RKVS is designed for high-performance, in-memory key-value storage. Our benchmarks aim to illustrate its capabilities across various workloads and configurations, latest test results are available [here](https://github.com/Tomasz-Bak/rkvs/tree/master/assets/benchmarks). While exact numbers will vary based on hardware and specific test conditions, the general trends observed are:

*   **Sequential Operations (e.g., `get`, `set`, `delete`)**:
    *   Individual operations exhibit very low latency, typically in the single-digit to low double-digit microsecond range.
    *   Latency scales gracefully with increasing namespace size (from 1k to 1M keys), showing that the underlying data structures maintain efficiency even with large datasets.
    *   `exists` operations are generally the fastest, followed by `get`, `set` (update), `update`, `consume`, and `set` (insert) and `delete`.

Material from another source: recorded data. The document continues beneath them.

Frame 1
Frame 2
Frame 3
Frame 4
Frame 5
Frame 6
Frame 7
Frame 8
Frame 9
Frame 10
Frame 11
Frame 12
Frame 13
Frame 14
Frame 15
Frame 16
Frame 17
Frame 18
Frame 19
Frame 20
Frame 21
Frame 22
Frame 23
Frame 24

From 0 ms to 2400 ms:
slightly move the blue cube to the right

*   **Sharding Overhead**:
    *   Sharding effectively distributes load, leading to improved overall throughput and often reduced average latency for individual operations as the number of shards increases, up to an optimal point.
    *   The `jump_consistent_hash` algorithm ensures a relatively even distribution of keys across shards, minimizing hot spots and maximizing the benefits of concurrency. The deviation from perfect distribution remains low across various shard counts.

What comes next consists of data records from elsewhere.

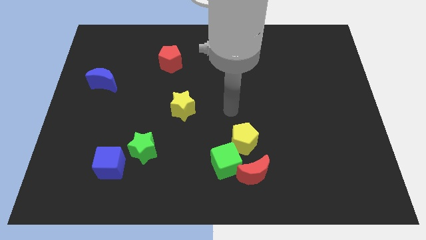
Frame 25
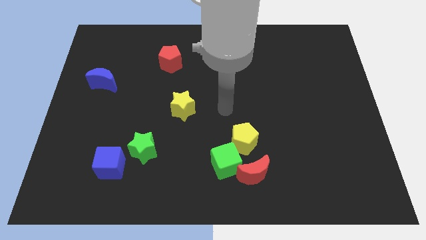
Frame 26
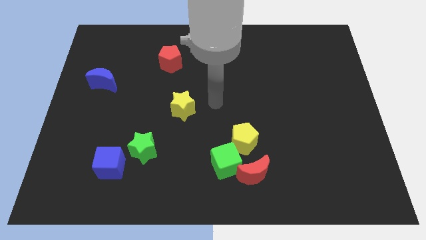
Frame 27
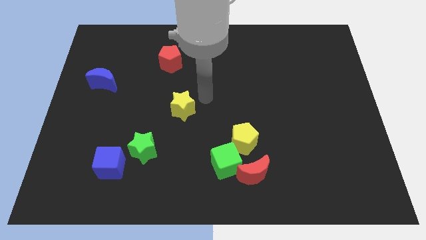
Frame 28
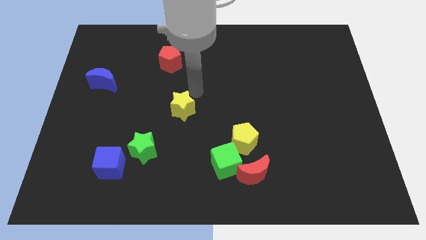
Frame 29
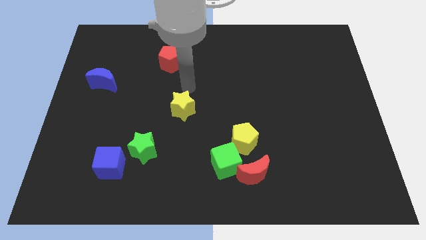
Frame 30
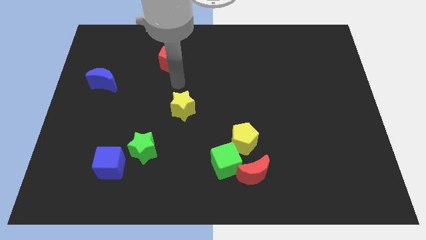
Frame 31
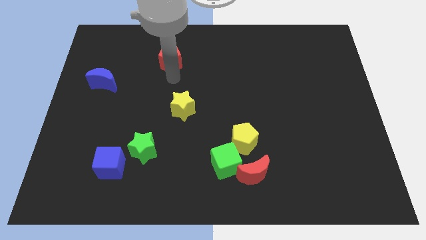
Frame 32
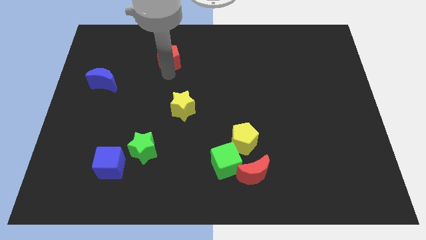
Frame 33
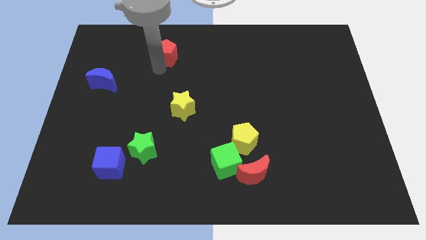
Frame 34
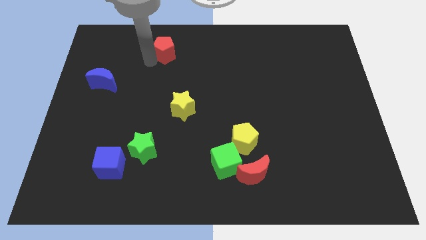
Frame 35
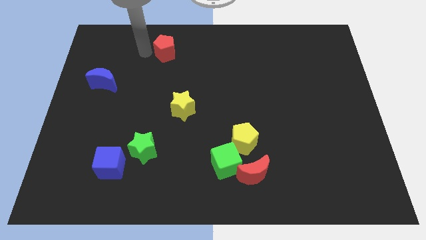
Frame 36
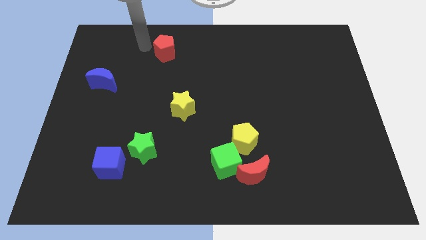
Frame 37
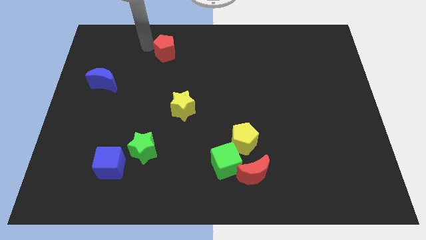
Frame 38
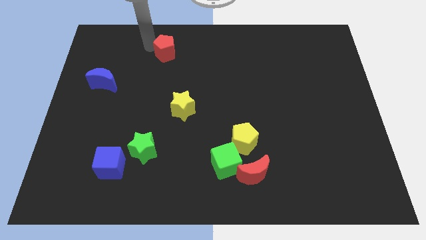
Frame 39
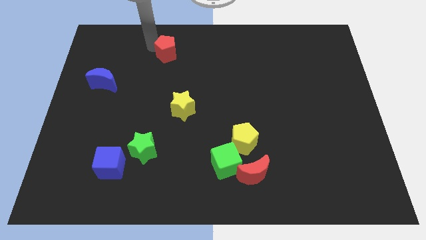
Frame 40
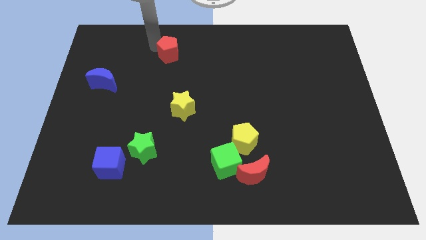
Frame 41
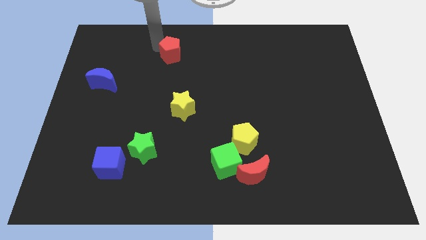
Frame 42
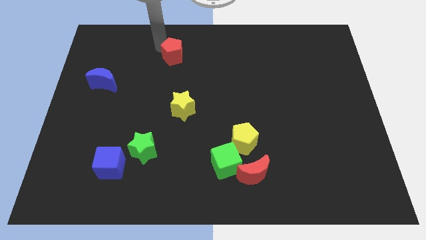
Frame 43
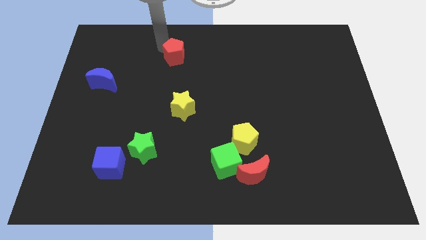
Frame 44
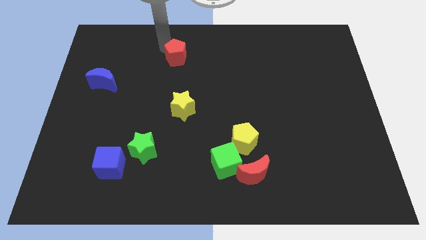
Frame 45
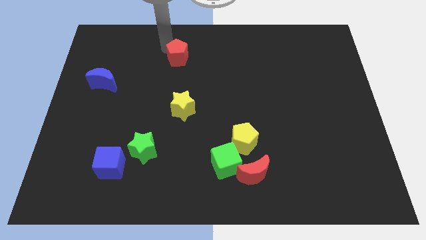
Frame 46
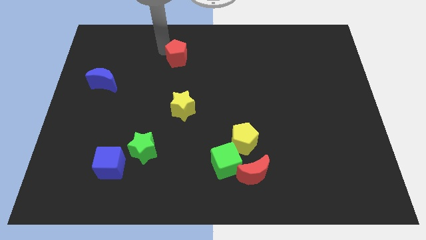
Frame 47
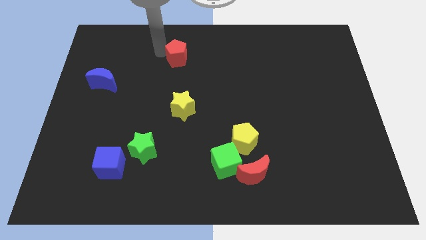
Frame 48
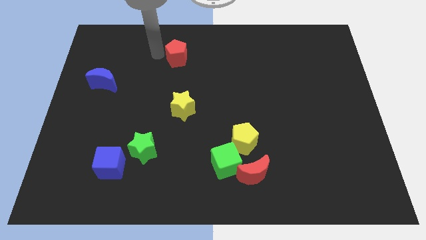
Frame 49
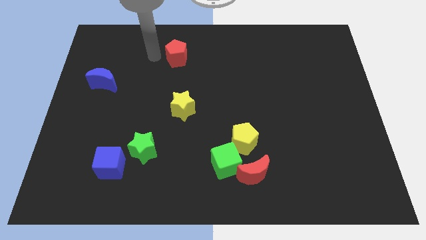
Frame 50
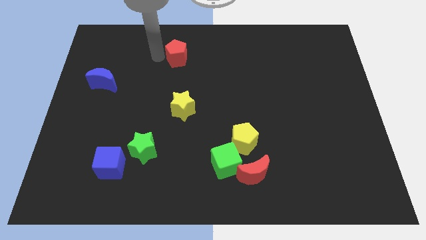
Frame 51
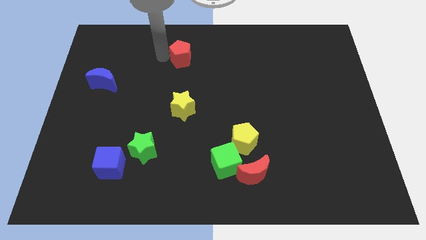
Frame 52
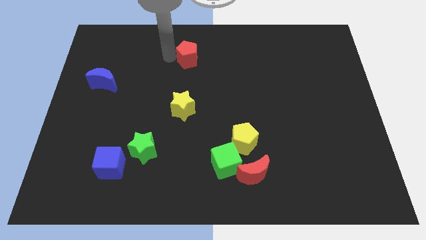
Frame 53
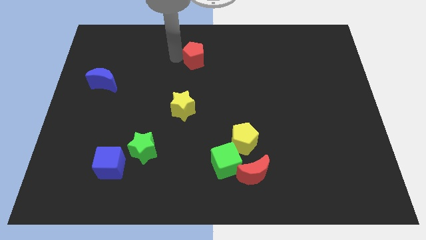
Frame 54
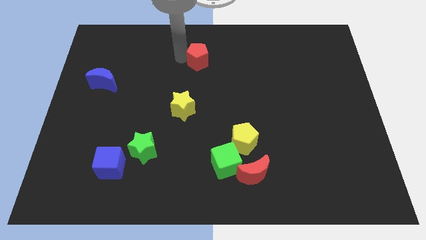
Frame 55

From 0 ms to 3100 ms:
slide the red pentagon to the right somewhat

*   **Concurrent Workloads (Mixed Read/Write)**:
    *   RKVS demonstrates strong performance under concurrent access, leveraging `RwLock` for efficient read-heavy scenarios and effective sharding for write-heavy or balanced workloads.
    *   Throughput (operations per second) increases significantly with higher concurrency levels and appropriate shard counts.
    *   Average latency per operation remains stable or decreases for read-heavy workloads, and scales predictably for write-heavy workloads as concurrency and sharding are optimized.

*   **Batch Operations (e.g., `set_multiple`, `get_multiple`)**:
    *   Batch operations provide a substantial performance improvement by amortizing overhead across multiple key-value pairs.
    *   The average latency *per item* in a batch is significantly lower than performing individual operations, making batching highly recommended for bulk data manipulation.
    *   `BestEffort` mode typically offers slightly lower latency than `AllOrNothing` due to reduced validation and rollback overhead, but `AllOrNothing` provides stronger transactional guarantees.

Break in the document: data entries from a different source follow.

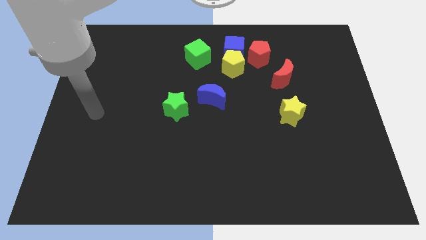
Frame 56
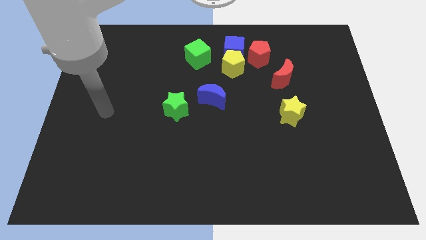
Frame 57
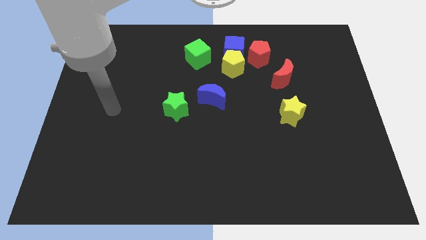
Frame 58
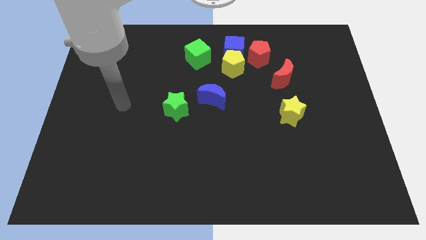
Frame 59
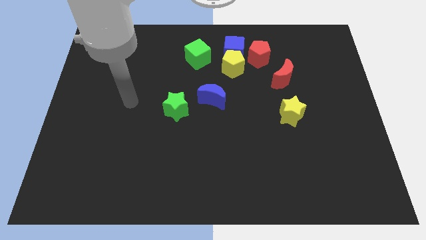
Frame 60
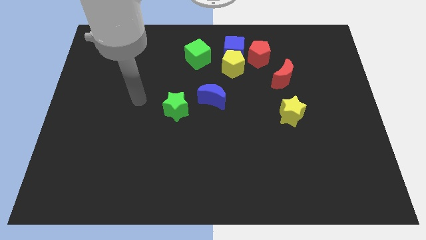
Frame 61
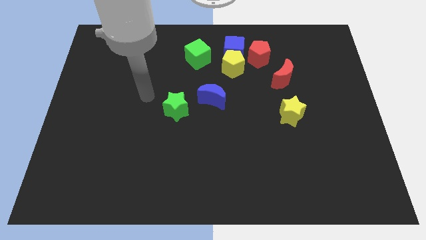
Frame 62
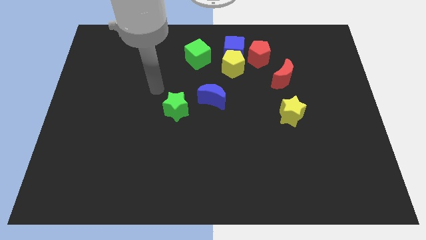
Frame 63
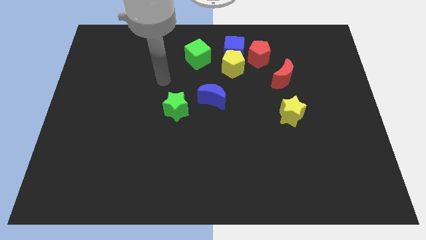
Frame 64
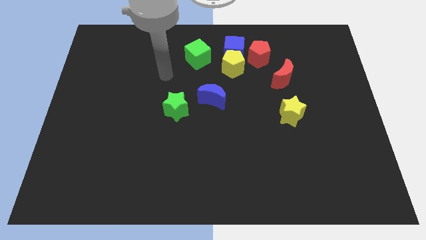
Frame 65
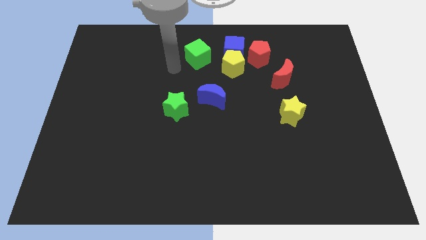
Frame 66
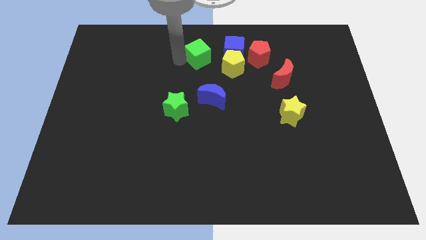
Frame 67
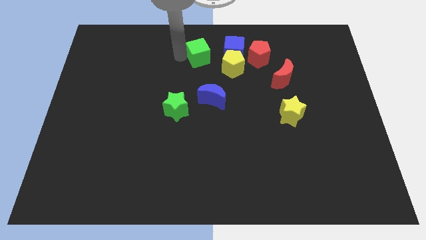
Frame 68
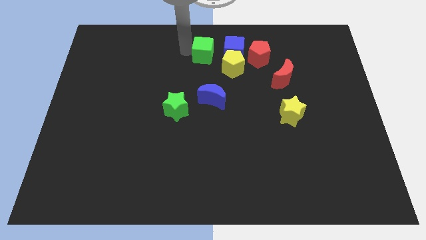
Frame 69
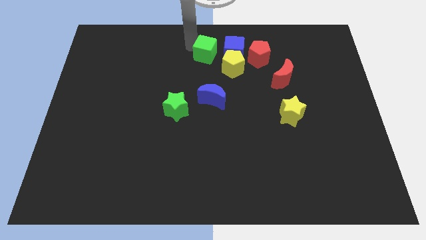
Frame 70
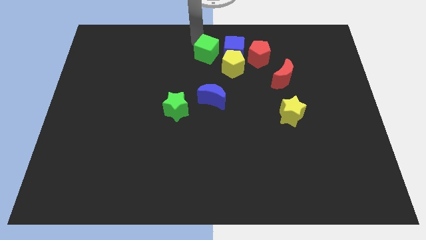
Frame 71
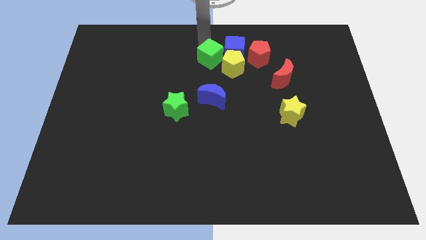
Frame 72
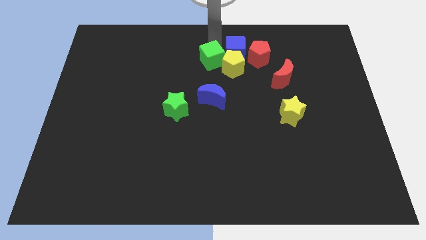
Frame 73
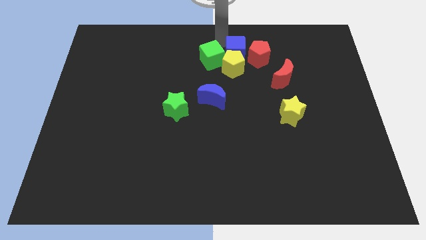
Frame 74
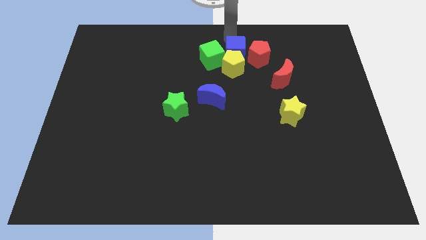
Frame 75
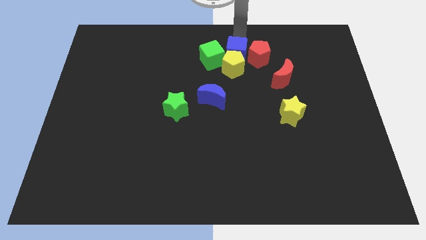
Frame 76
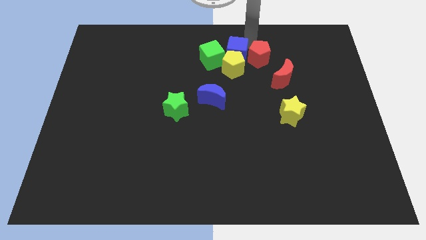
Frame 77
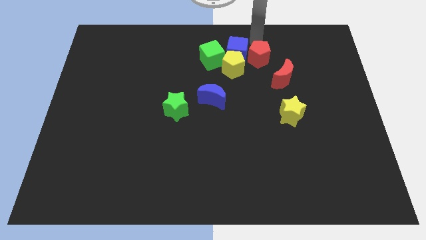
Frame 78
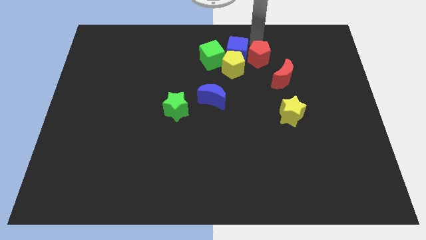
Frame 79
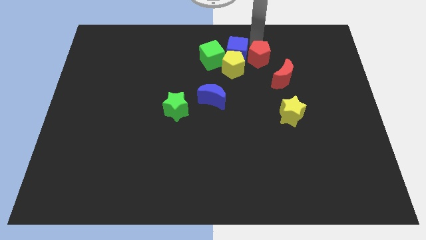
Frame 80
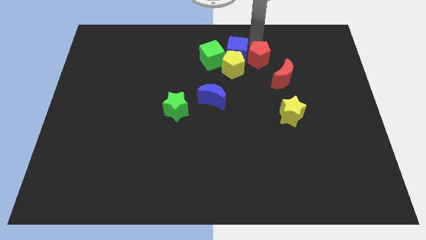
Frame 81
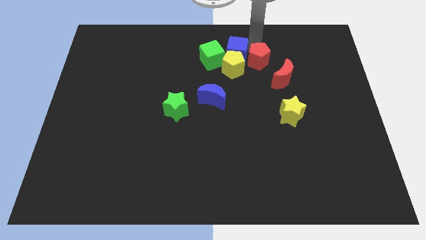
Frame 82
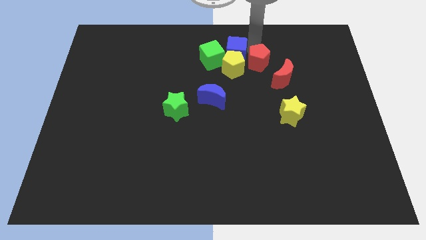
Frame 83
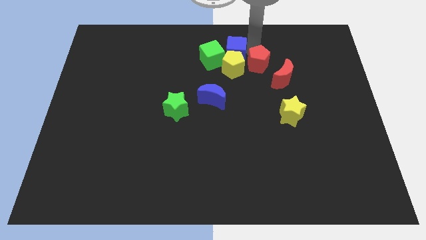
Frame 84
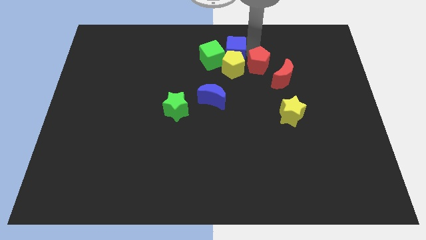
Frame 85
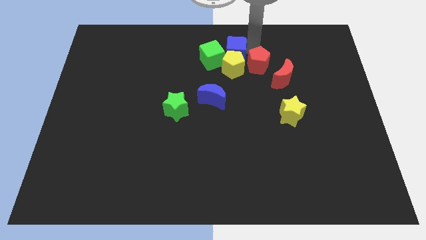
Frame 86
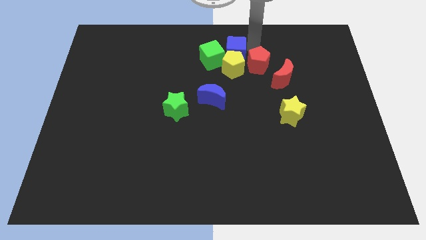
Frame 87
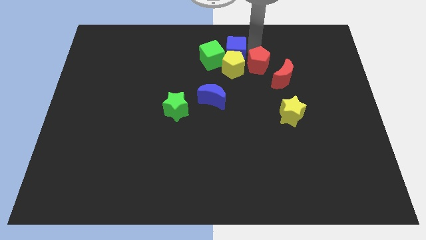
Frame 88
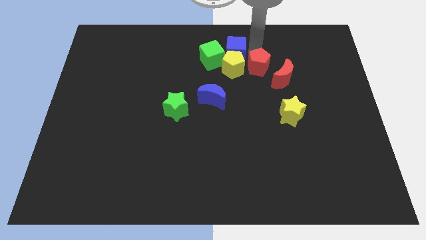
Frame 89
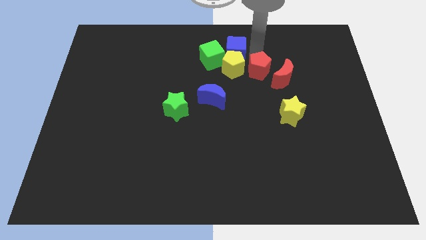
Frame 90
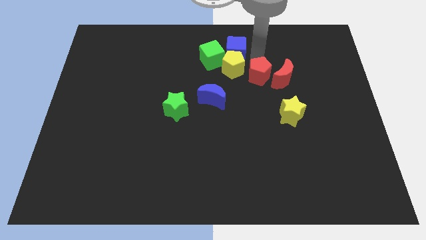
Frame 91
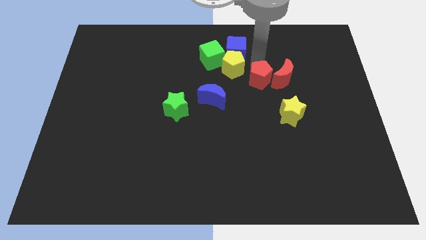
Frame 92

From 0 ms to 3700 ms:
slightly move the red pentagon down

*   **Concurrent Batch Operations**:
    *   Combining batching with concurrency yields very high throughput for bulk data operations under load.
    *   Latency per item remains low, even as multiple concurrent tasks perform batch operations, showcasing the efficiency of RKVS's concurrent design for large-scale data processing.

## Benchmarks

RKVS includes a comprehensive suite of benchmarks to measure performance across various workloads. The results are saved as JSON files, and a Python script is provided to generate plots from these results.

### Running the Benchmarks

The benchmarks are located in the `benches/` directory and can be run using `cargo bench`. Each benchmark focuses on a different aspect of the system. The `-- --nocapture` flag is recommended to see live progress and results in the console.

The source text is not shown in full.